It's been out for 7 years now, and if it really worked as promised, we should have heard about legions of readers becoming wealthy and retiring by now, attributing their success to LOA.

Also, if it really worked, demand would begin to exceed supply be ever-increasing amounts, and it would not be sustainable economically.

Rhonda Byrne's 2nd book , The Power, promotes sending out love. Yet Byrne refuses to give interviews, and lives near Oprah in a nice house while children in Africa go hungry. If she really wanted to send love, and LOA really worked, why hasn't she begin to solve world hunger, for one?

There are so many flaws with this book, and it is completely worthless.


----------



## caveman8 (Sep 3, 2012)

Also, two of those who worked on the book, Drew Heriot and Dan Hollings, sued Byrne's company for unpaid earnings that were promised. In return, they were counter-sued by Byrne's lawyers. Byrne claims not to know about the legal side of things, yet those who worked with her previously claimed she knew every detail of things that were going on. So much for the secret - why didn't Byrne's lawyers just imagine a positive outcome?

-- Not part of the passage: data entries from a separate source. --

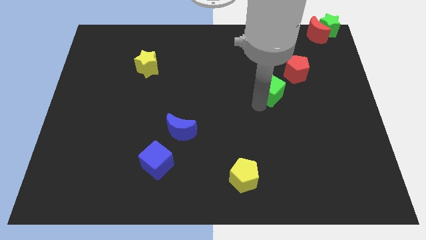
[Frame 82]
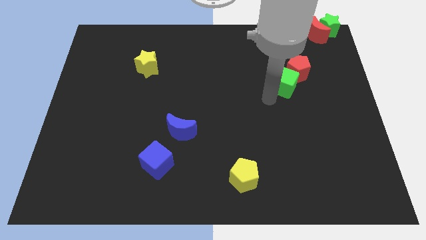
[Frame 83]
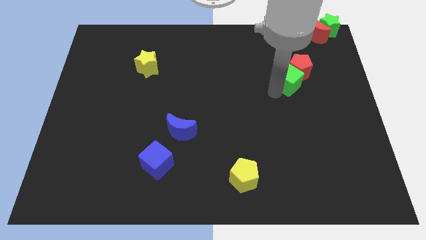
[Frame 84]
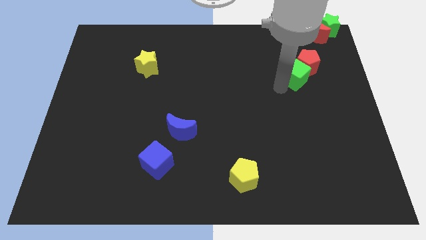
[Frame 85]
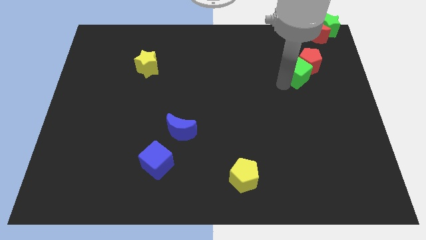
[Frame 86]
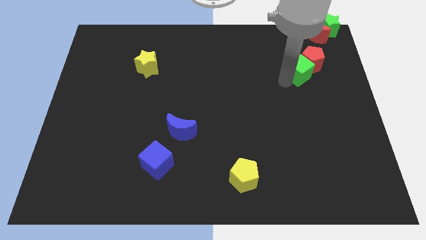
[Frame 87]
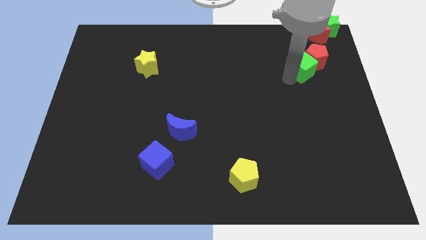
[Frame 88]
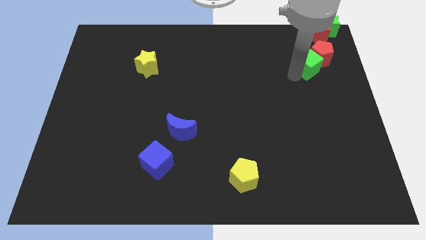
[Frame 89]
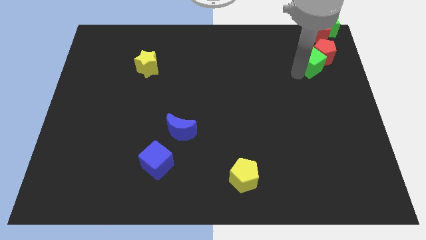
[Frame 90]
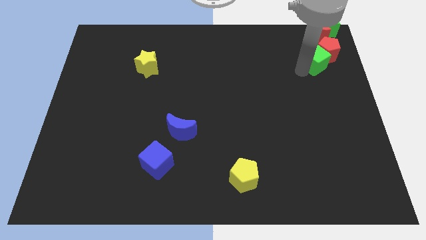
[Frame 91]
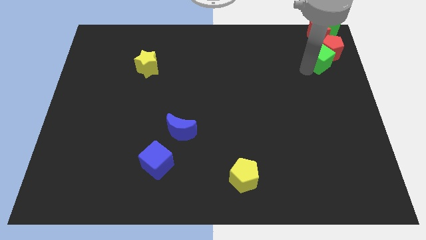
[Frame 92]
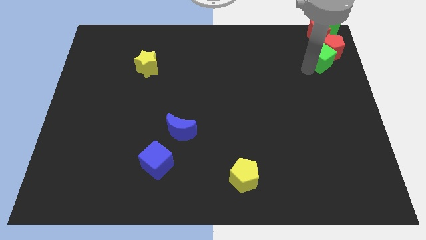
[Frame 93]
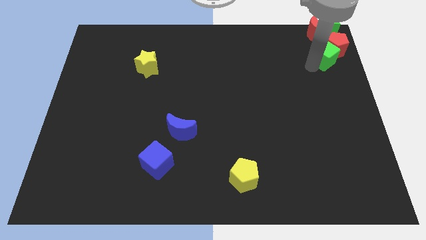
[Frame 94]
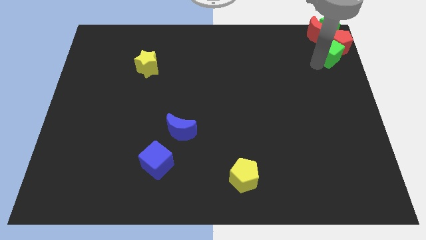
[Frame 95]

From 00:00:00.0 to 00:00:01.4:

One of the contributors to the book, Janes Arthur Ray, was convicted on 3 counts of negligent homicide. If the secret really worked, he a) would not have gotten into the situation in the first place, or b) would have avoided prison by imagining a not guilty verdict.


----------



## microbopeep (Apr 28, 2013)

Pseudoscientific BS lol


----------



## Transcendence (Sep 1, 2014)

The law of attraction only works for some people because they want something so bad, they will do anything to get it.
If you just want something, but all you're doing is sitting around and doing jack all day nothing is going to come to you.
That's why they emphasize that you have to think about what you desire every single day and night, so that your mindset works towards it.

So it does work in some respects... but I wouldn't consider this a legitimate technique for success.
I think "The Secret" theory is just a complicated proccess of "commitment" lol
I recommend reading Dr. Heidi Reeder's "Commit to Win", 'realistically' it's a much better approach then "The Secret"


----------



## chillpup (Sep 5, 2014)

Oh my goodness. I started my blog after watching "The Secret". One thing that was emphasized was the power of gratitude. Gratitude literally strengthens the spirit.

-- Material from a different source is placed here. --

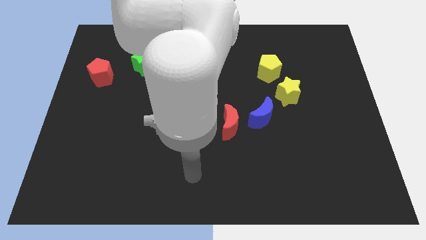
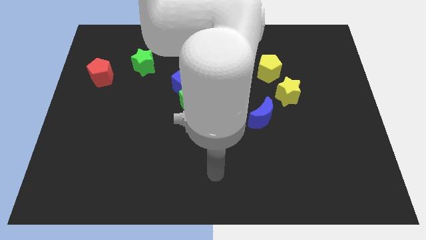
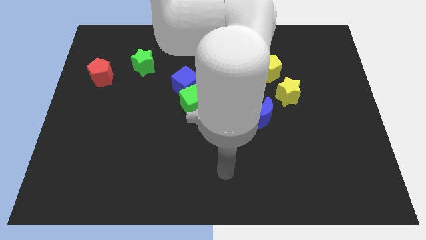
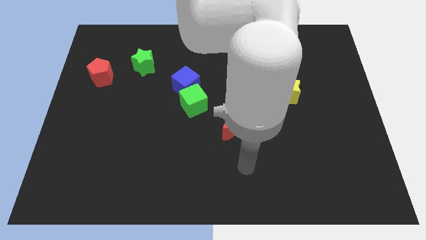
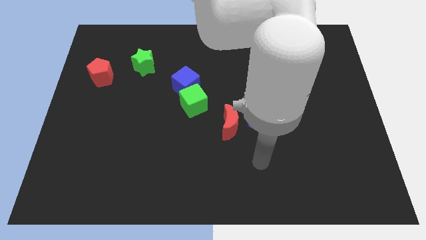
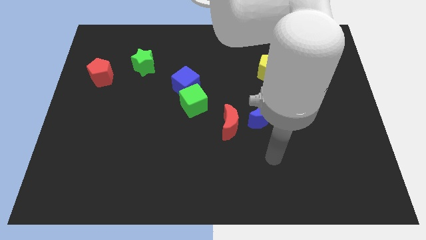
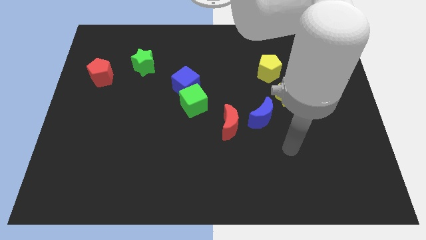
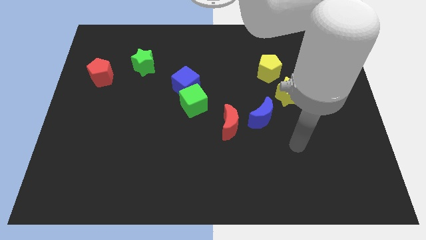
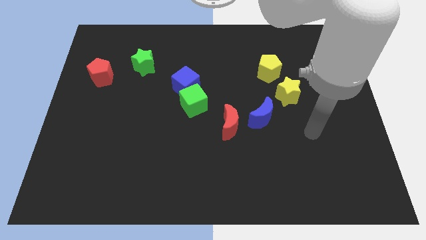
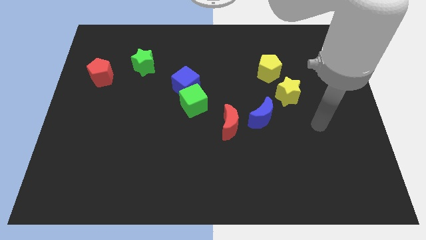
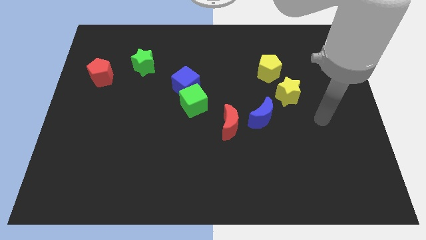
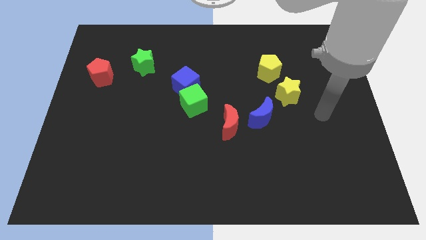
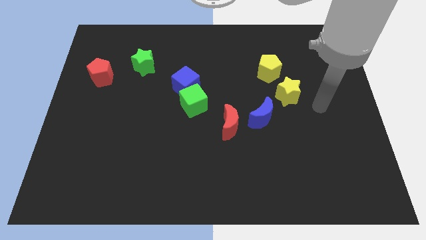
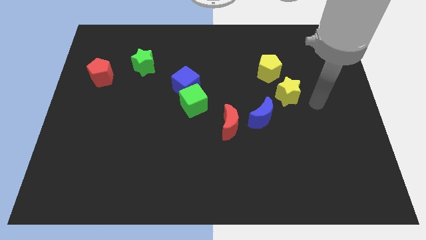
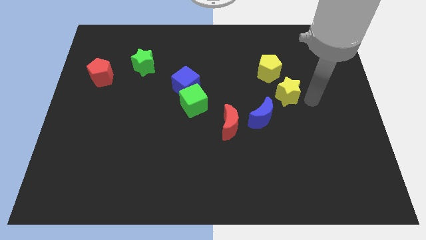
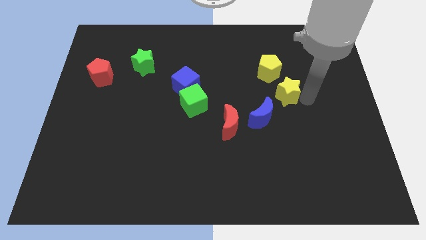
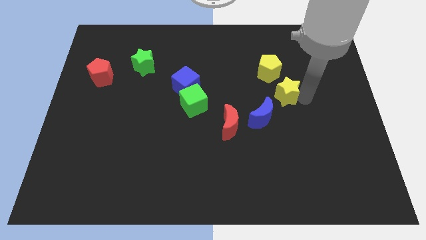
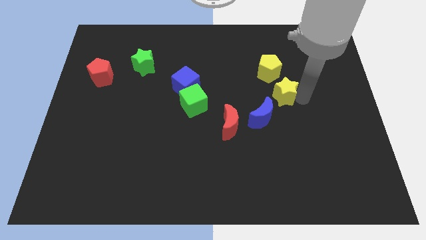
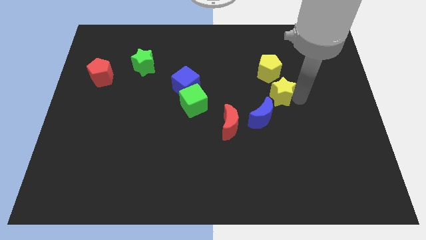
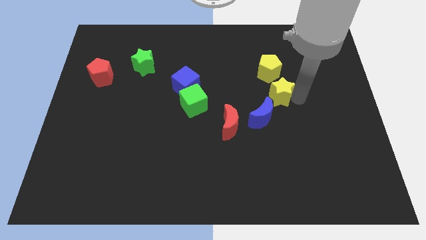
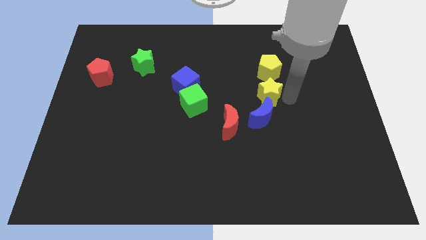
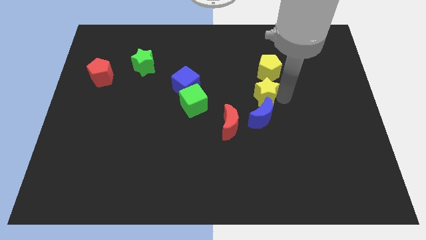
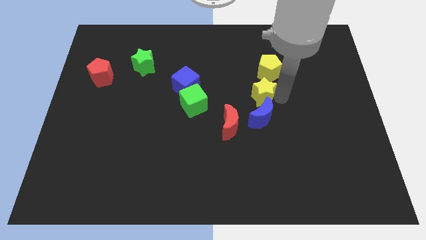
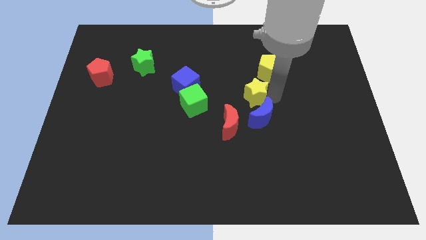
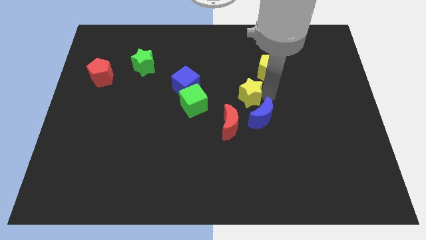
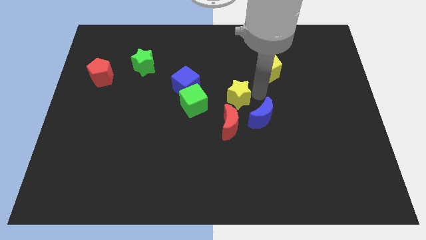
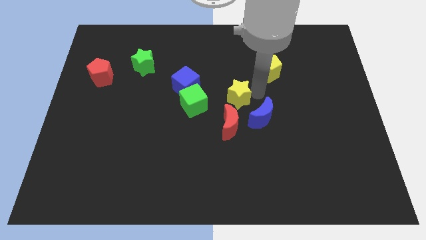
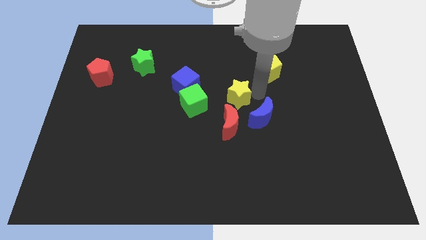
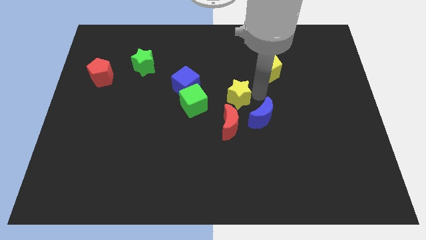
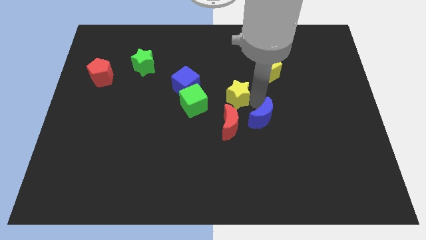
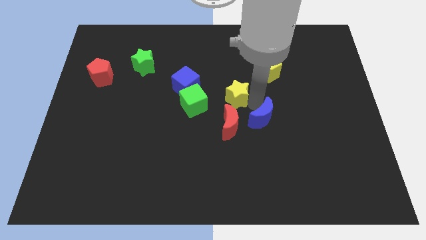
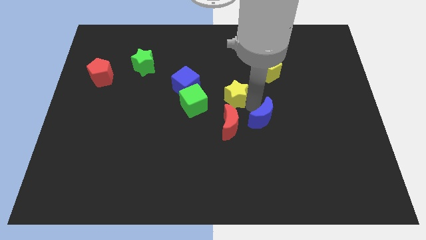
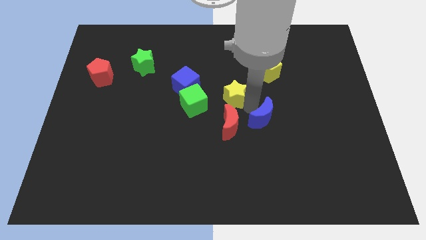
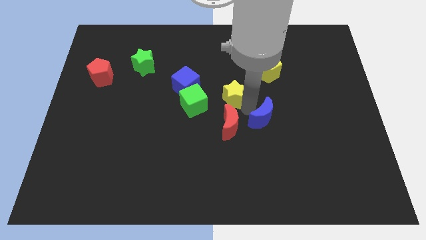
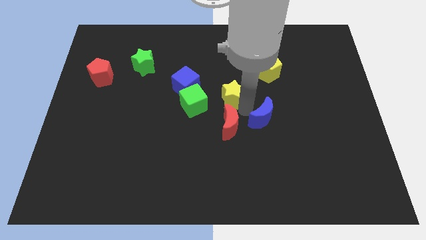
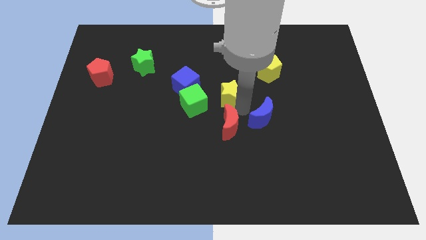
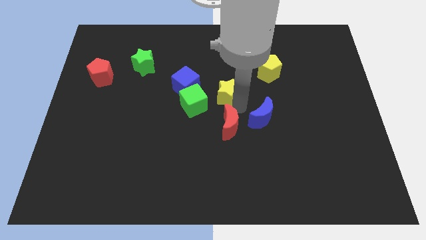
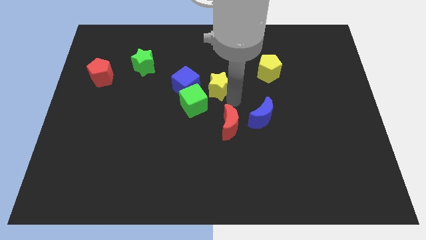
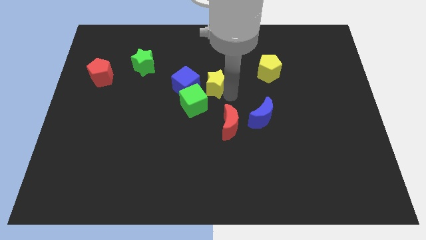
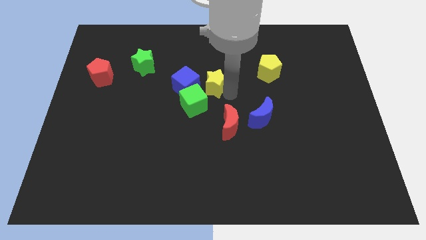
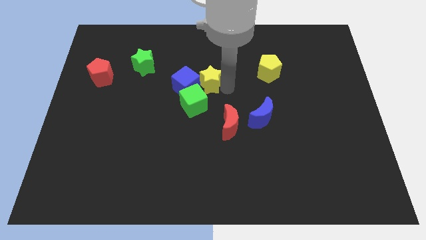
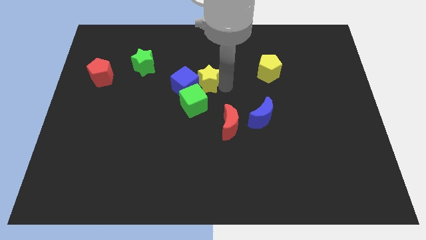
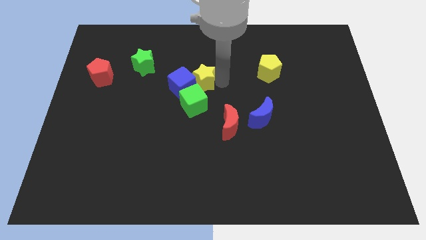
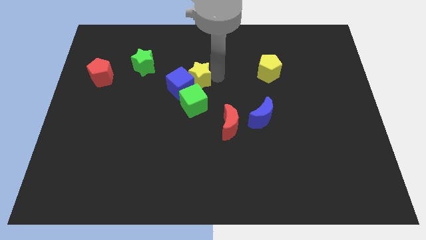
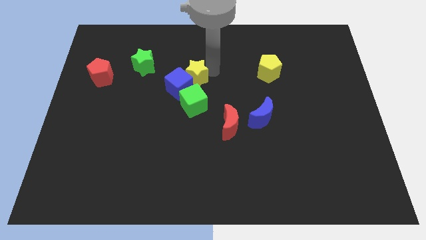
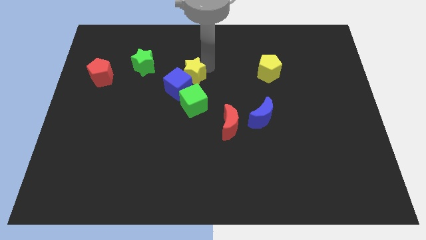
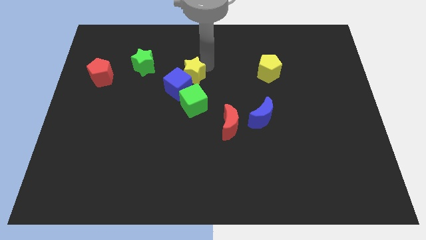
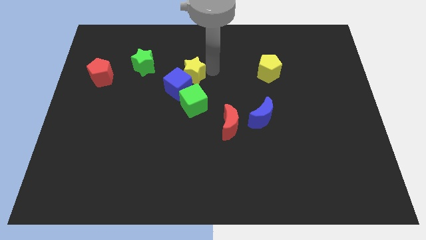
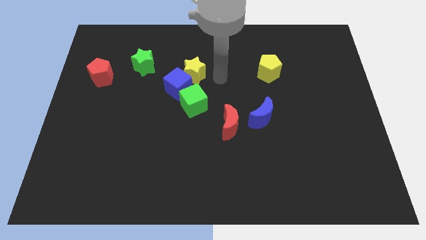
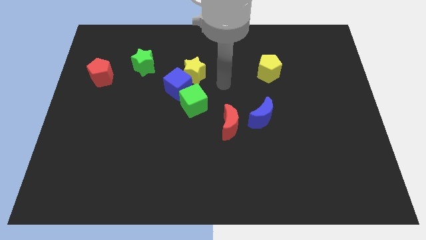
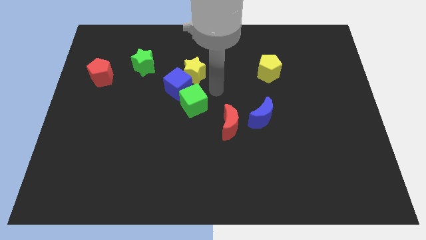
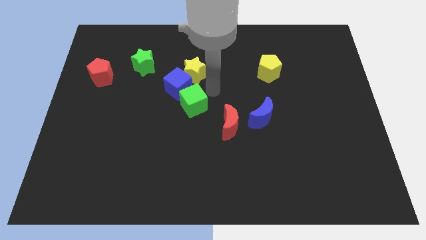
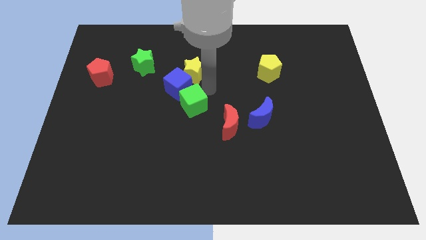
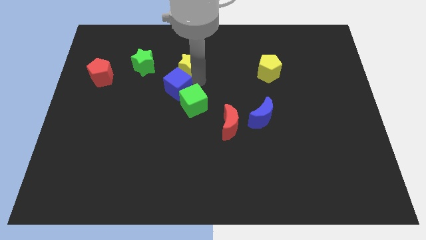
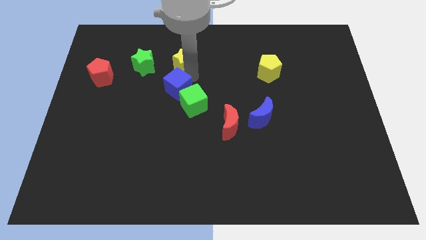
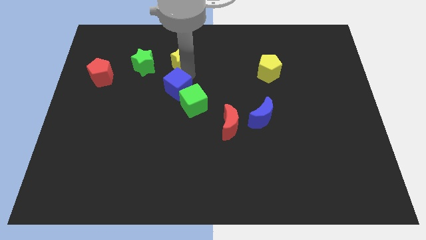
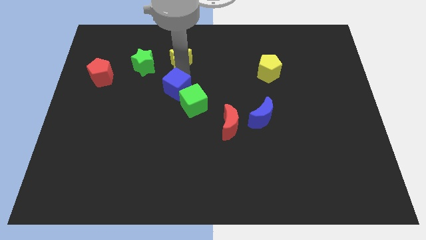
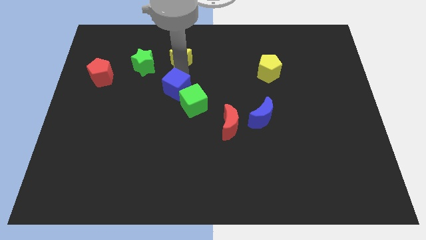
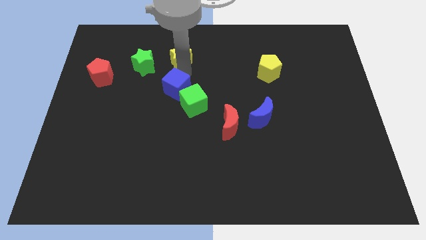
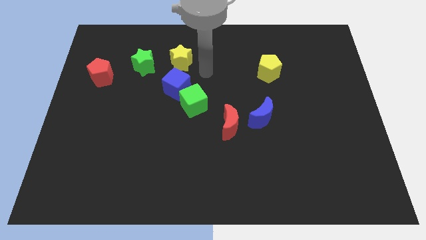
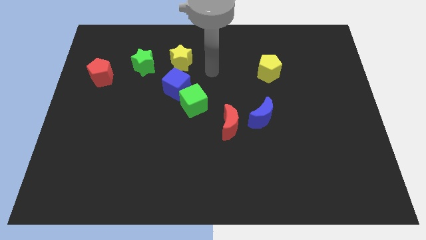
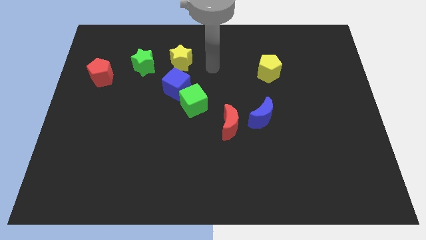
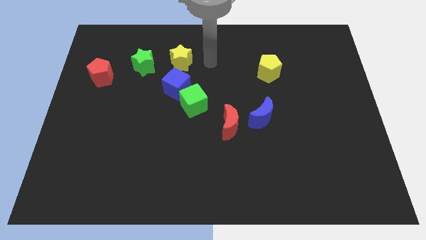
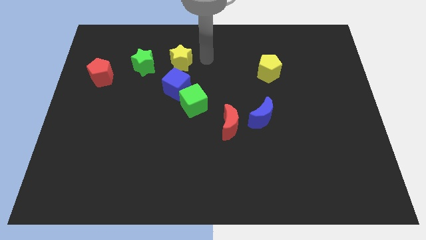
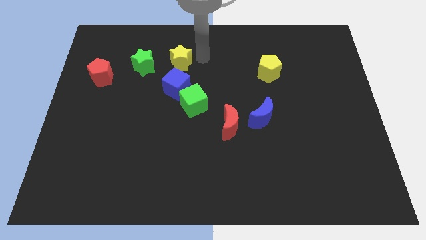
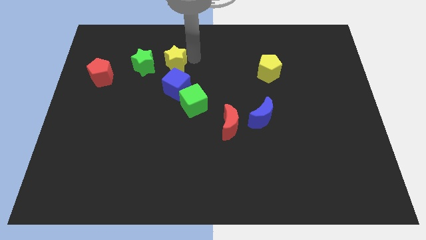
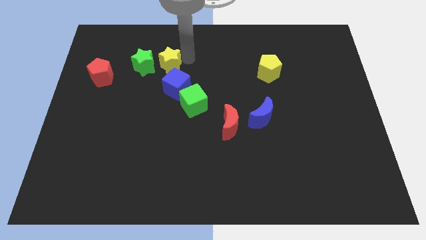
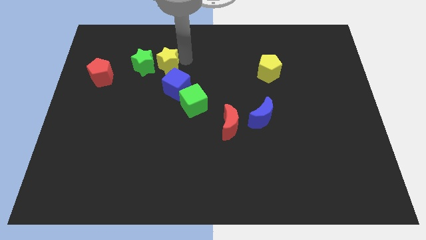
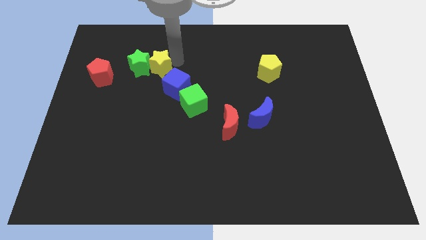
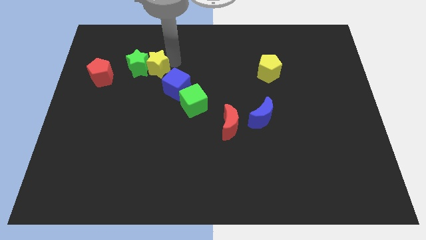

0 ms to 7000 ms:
put the yellow star close to the green star

I regularly blog about something I am grateful for. Daily, I put effort into writing about something in my life that I am truly thankful for. Doing this has helped me become a happier and kinder person. It's easier for me to see the glass as "half full" because I have exercised my consciousness of gratitude. I find it harder to complain and so much easier to find the good in situations. It's almost like by seeking things to be thankful for, I actually experience more things to be grateful for.

I am just now embracing this concept, but I firmly believe (and can attest to) the Law of Attraction.


----------